The Lab chat Model & params panel with Model source set to cloud API, an OpenRouter base URL, and an API key entered — Model source set to *cloud API*, with an OpenRouter base URL and key.

API base URL: the provider's endpoint, for example https://openrouter.ai/api/v1.
API key: your own key for that provider. It is kept in this browser and sent to your local Lab, which makes the request. The server never writes it to disk.
Model: set the Model field to the provider's id, for example z-ai/glm-5.2.

Tools, JSON mode, and chat-with-files behave the same against a cloud model as against a local one. The Lab proxies the request, so the key stays on your machine. This covers the Chat tab; quantizing and fine-tuning still work on local models. To drive a cloud model from the terminal instead, see OptiQ Code with a cloud endpoint.

JSON mode

Set JSON mode in Model & params to constrain the reply to valid JSON: any valid JSON, or match schema with a JSON Schema you paste into the box that appears. The decode is masked to only the tokens that keep the output valid (via lm-format-enforcer), so the reply always parses, no retries. Tools are off while JSON mode is on, since a single constrained response and the tool loop are mutually exclusive. The Lab's server installs the constraint automatically. See the structured output docs for the underlying response_format the Lab sends.

Chat with files (RAG with citations)

Attaching a non-image file indexes it instead of dumping the whole document into the prompt. A dependency-free BM25 retriever pulls the chunks most relevant to each question, prepends them with [n] citation markers, and the Lab renders a sources panel under the answer.
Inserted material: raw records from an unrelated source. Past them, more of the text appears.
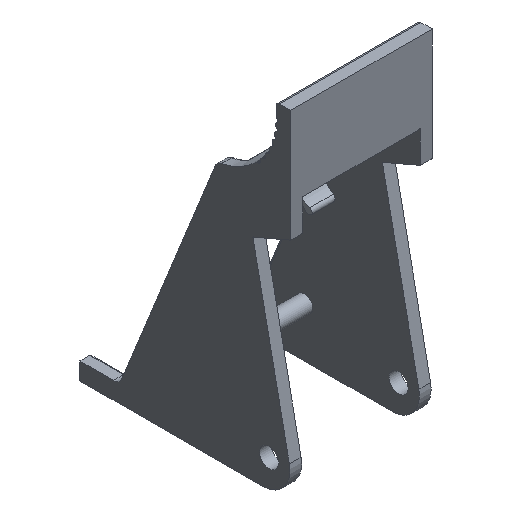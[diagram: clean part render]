
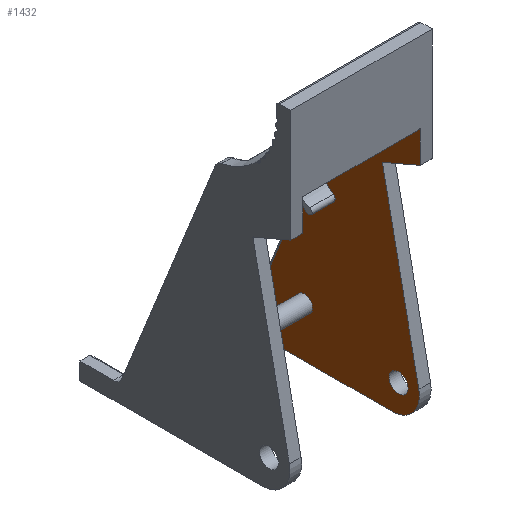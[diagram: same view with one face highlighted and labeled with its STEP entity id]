
A CAD part, isometric view. The second image highlights one B-rep face of the part: STEP entity #1432.
In plain terms, the highlighted planar face has unit normal (-1, 0, 0).
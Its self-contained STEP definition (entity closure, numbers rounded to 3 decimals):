
#26=FACE_BOUND('',#179,.T.);
#27=FACE_BOUND('',#180,.T.);
#51=PLANE('',#1599);
#97=FACE_OUTER_BOUND('',#178,.T.);
#178=EDGE_LOOP('',(#1159,#1160,#1161,#1162,#1163,#1164,#1165,#1166,#1167,
#1168,#1169,#1170,#1171,#1172));
#179=EDGE_LOOP('',(#1173));
#180=EDGE_LOOP('',(#1174));
#233=CIRCLE('',#1509,3.);
#301=CIRCLE('',#1600,0.6);
#302=CIRCLE('',#1601,7.7);
#303=CIRCLE('',#1602,0.8);
#304=CIRCLE('',#1603,1.2);
#305=CIRCLE('',#1604,0.9);
#306=CIRCLE('',#1605,1.05);
#335=LINE('',#2199,#441);
#358=LINE('',#2258,#464);
#365=LINE('',#2272,#471);
#371=LINE('',#2284,#477);
#379=LINE('',#2308,#485);
#385=LINE('',#2320,#491);
#422=LINE('',#2509,#528);
#423=LINE('',#2512,#529);
#424=LINE('',#2513,#530);
#441=VECTOR('',#1715,1.);
#464=VECTOR('',#1758,1.);
#471=VECTOR('',#1767,1.);
#477=VECTOR('',#1777,1.);
#485=VECTOR('',#1801,1.);
#491=VECTOR('',#1811,1.);
#528=VECTOR('',#2020,1.);
#529=VECTOR('',#2023,1.);
#530=VECTOR('',#2024,1.);
#564=VERTEX_POINT('',#2196);
#565=VERTEX_POINT('',#2198);
#591=VERTEX_POINT('',#2257);
#597=VERTEX_POINT('',#2271);
#601=VERTEX_POINT('',#2283);
#605=VERTEX_POINT('',#2295);
#609=VERTEX_POINT('',#2307);
#613=VERTEX_POINT('',#2319);
#675=VERTEX_POINT('',#2501);
#676=VERTEX_POINT('',#2502);
#677=VERTEX_POINT('',#2504);
#678=VERTEX_POINT('',#2506);
#679=VERTEX_POINT('',#2508);
#680=VERTEX_POINT('',#2510);
#681=VERTEX_POINT('',#2514);
#682=VERTEX_POINT('',#2516);
#715=EDGE_CURVE('',#564,#565,#335,.T.);
#742=EDGE_CURVE('',#565,#591,#358,.T.);
#749=EDGE_CURVE('',#597,#591,#365,.T.);
#755=EDGE_CURVE('',#601,#597,#371,.T.);
#761=EDGE_CURVE('',#605,#601,#233,.T.);
#767=EDGE_CURVE('',#609,#605,#379,.T.);
#773=EDGE_CURVE('',#609,#613,#385,.T.);
#874=EDGE_CURVE('',#675,#676,#301,.T.);
#875=EDGE_CURVE('',#676,#677,#302,.T.);
#876=EDGE_CURVE('',#677,#678,#303,.T.);
#877=EDGE_CURVE('',#678,#679,#422,.T.);
#878=EDGE_CURVE('',#679,#680,#304,.T.);
#879=EDGE_CURVE('',#680,#613,#423,.T.);
#880=EDGE_CURVE('',#564,#675,#424,.T.);
#881=EDGE_CURVE('',#681,#681,#305,.T.);
#882=EDGE_CURVE('',#682,#682,#306,.T.);
#1159=ORIENTED_EDGE('',*,*,#874,.T.);
#1160=ORIENTED_EDGE('',*,*,#875,.T.);
#1161=ORIENTED_EDGE('',*,*,#876,.T.);
#1162=ORIENTED_EDGE('',*,*,#877,.T.);
#1163=ORIENTED_EDGE('',*,*,#878,.T.);
#1164=ORIENTED_EDGE('',*,*,#879,.T.);
#1165=ORIENTED_EDGE('',*,*,#773,.F.);
#1166=ORIENTED_EDGE('',*,*,#767,.T.);
#1167=ORIENTED_EDGE('',*,*,#761,.T.);
#1168=ORIENTED_EDGE('',*,*,#755,.T.);
#1169=ORIENTED_EDGE('',*,*,#749,.T.);
#1170=ORIENTED_EDGE('',*,*,#742,.F.);
#1171=ORIENTED_EDGE('',*,*,#715,.F.);
#1172=ORIENTED_EDGE('',*,*,#880,.T.);
#1173=ORIENTED_EDGE('',*,*,#881,.F.);
#1174=ORIENTED_EDGE('',*,*,#882,.F.);
#1432=ADVANCED_FACE('',(#97,#26,#27),#51,.T.);
#1509=AXIS2_PLACEMENT_3D('',#2296,#1787,#1788);
#1599=AXIS2_PLACEMENT_3D('',#2500,#2012,#2013);
#1600=AXIS2_PLACEMENT_3D('',#2503,#2014,#2015);
#1601=AXIS2_PLACEMENT_3D('',#2505,#2016,#2017);
#1602=AXIS2_PLACEMENT_3D('',#2507,#2018,#2019);
#1603=AXIS2_PLACEMENT_3D('',#2511,#2021,#2022);
#1604=AXIS2_PLACEMENT_3D('',#2515,#2025,#2026);
#1605=AXIS2_PLACEMENT_3D('',#2517,#2027,#2028);
#1715=DIRECTION('',(0.,-1.,0.001));
#1758=DIRECTION('',(0.,-0.001,-1.));
#1767=DIRECTION('',(0.,-0.919,0.395));
#1777=DIRECTION('',(0.,0.2,0.98));
#1787=DIRECTION('center_axis',(-1.,0.,0.));
#1788=DIRECTION('ref_axis',(0.,0.001,1.));
#1801=DIRECTION('',(0.,-1.,0.001));
#1811=DIRECTION('',(0.,0.001,1.));
#2012=DIRECTION('center_axis',(-1.,0.,0.));
#2013=DIRECTION('ref_axis',(0.,0.001,1.));
#2014=DIRECTION('center_axis',(1.,0.,0.));
#2015=DIRECTION('ref_axis',(0.,0.001,1.));
#2016=DIRECTION('center_axis',(1.,0.,0.));
#2017=DIRECTION('ref_axis',(0.,0.001,1.));
#2018=DIRECTION('center_axis',(-1.,0.,0.));
#2019=DIRECTION('ref_axis',(0.,0.001,1.));
#2020=DIRECTION('',(0.,0.374,-0.927));
#2021=DIRECTION('center_axis',(1.,0.,0.));
#2022=DIRECTION('ref_axis',(0.,0.001,1.));
#2023=DIRECTION('',(0.,1.,-0.001));
#2024=DIRECTION('',(0.,0.001,1.));
#2025=DIRECTION('center_axis',(-1.,0.,0.));
#2026=DIRECTION('ref_axis',(0.,0.001,1.));
#2027=DIRECTION('center_axis',(-1.,0.,0.));
#2028=DIRECTION('ref_axis',(0.,0.001,1.));
#2196=CARTESIAN_POINT('',(14.3,-7.011,28.605));
#2198=CARTESIAN_POINT('',(14.3,-13.211,28.609));
#2199=CARTESIAN_POINT('',(14.3,16.789,28.588));
#2257=CARTESIAN_POINT('',(14.3,-13.214,25.109));
#2258=CARTESIAN_POINT('',(14.3,-13.211,28.609));
#2271=CARTESIAN_POINT('',(14.3,-9.015,23.306));
#2272=CARTESIAN_POINT('',(14.3,-9.015,23.306));
#2283=CARTESIAN_POINT('',(14.3,-13.037,3.607));
#2284=CARTESIAN_POINT('',(14.3,-13.037,3.607));
#2295=CARTESIAN_POINT('',(14.3,-10.1,0.007));
#2296=CARTESIAN_POINT('Origin',(14.3,-10.098,3.007));
#2307=CARTESIAN_POINT('',(14.3,10.1,-0.007));
#2308=CARTESIAN_POINT('',(14.3,10.1,-0.007));
#2319=CARTESIAN_POINT('',(14.3,10.101,1.693));
#2320=CARTESIAN_POINT('',(14.3,10.1,-0.007));
#2500=CARTESIAN_POINT('Origin',(14.3,16.789,28.588));
#2501=CARTESIAN_POINT('',(14.3,-7.011,28.665));
#2502=CARTESIAN_POINT('',(14.3,-7.039,28.846));
#2503=CARTESIAN_POINT('Origin',(14.3,-7.611,28.666));
#2504=CARTESIAN_POINT('',(14.3,-5.591,28.404));
#2505=CARTESIAN_POINT('Origin',(14.3,-4.075,35.953));
#2506=CARTESIAN_POINT('',(14.3,-5.007,27.918));
#2507=CARTESIAN_POINT('Origin',(14.3,-5.749,27.619));
#2508=CARTESIAN_POINT('',(14.3,5.264,2.447));
#2509=CARTESIAN_POINT('',(14.3,-2.191,20.935));
#2510=CARTESIAN_POINT('',(14.3,6.376,1.696));
#2511=CARTESIAN_POINT('Origin',(14.3,6.377,2.896));
#2512=CARTESIAN_POINT('',(14.3,16.77,1.688));
#2513=CARTESIAN_POINT('',(14.3,-7.026,7.505));
#2514=CARTESIAN_POINT('',(14.3,-0.396,6.4));
#2515=CARTESIAN_POINT('Origin',(14.3,-0.396,5.5));
#2516=CARTESIAN_POINT('',(14.3,-10.797,4.158));
#2517=CARTESIAN_POINT('Origin',(14.3,-10.798,3.108));

Only the retrieved chunks enter the context, so a long PDF costs a few hundred tokens per turn instead of overflowing the context window.

Chat with files: cited answer with a sources panel

Artifacts

An assistant message containing a fenced html block shows a Run card. Clicking it opens the page in a sandboxed allow-scripts iframe in a side panel, with restart, view-source, and close. Nothing the model writes executes until you ask for it, and the running page has room to run charts, small games, and interactive widgets. The iframe has no same-origin access, so the page stays isolated.

A Run card in the transcript and the model's HTML page running in the Lab's sandboxed artifact panel

A flight simulator written by a 122B sharded across two Macs, running in the artifact panel.

Input + history

Per-message controls for temperature, max tokens, and enable_thinking. Images attach as vision input on the multimodal quants. Multi-step tool runs collapse into a single "N tool calls" accordion. A Stop button cancels the run and SIGKILLs any sandbox subprocess. Saved chats persist to ~/.optiq/lab/chats/.